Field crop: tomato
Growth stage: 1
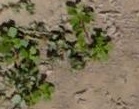
Species: portulaca
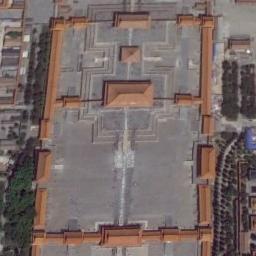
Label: palace
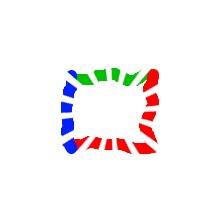
Shape: square
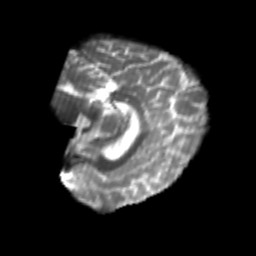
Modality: T2w
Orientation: sagittal
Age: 24
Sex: female
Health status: healthy
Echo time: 0.074 s
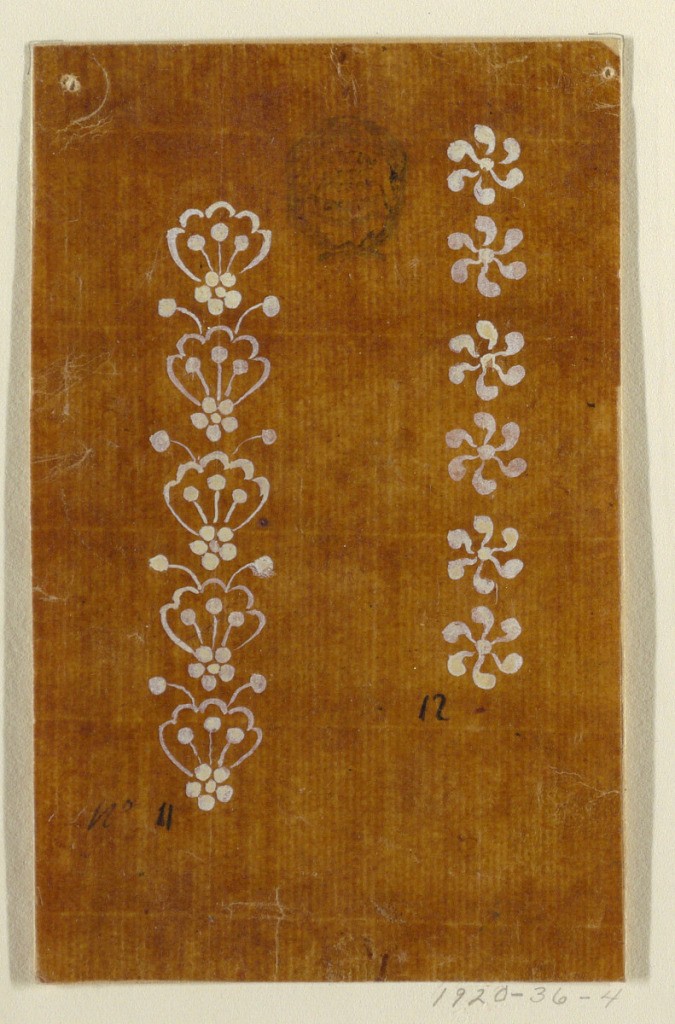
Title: Design for Two Embroidered or Woven Borders of the "Fabrique de St. Ruf"
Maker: Fabrique de Saint Ruf, Lyon, France
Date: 1800–1825
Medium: Brush and white gouache on glazed tracing paper
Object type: Drawing
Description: At left: a vertical row composed of a unit shown five times: a leaf with three seeds inside rises from a blossom rosette; two more seeds rise over it. Written in ink, beneath: "No. 11" At right: a vertical row of six rosettes with six whirling petals each. Written beneath: "12"

○ ○ ○ ○

- Task -
Set down exactly and only the lines from the line that contains "Modality: T2w" through the last line of the entries above, with both of those lines included and the pictures left out.

- Output for this exercise -
Modality: T2w
Orientation: sagittal
Age: 24
Sex: female
Health status: healthy
Echo time: 0.074 s
Title: Design for Two Embroidered or Woven Borders of the "Fabrique de St. Ruf"
Maker: Fabrique de Saint Ruf, Lyon, France
Date: 1800–1825
Medium: Brush and white gouache on glazed tracing paper
Object type: Drawing
Description: At left: a vertical row composed of a unit shown five times: a leaf with three seeds inside rises from a blossom rosette; two more seeds rise over it. Written in ink, beneath: "No. 11" At right: a vertical row of six rosettes with six whirling petals each. Written beneath: "12"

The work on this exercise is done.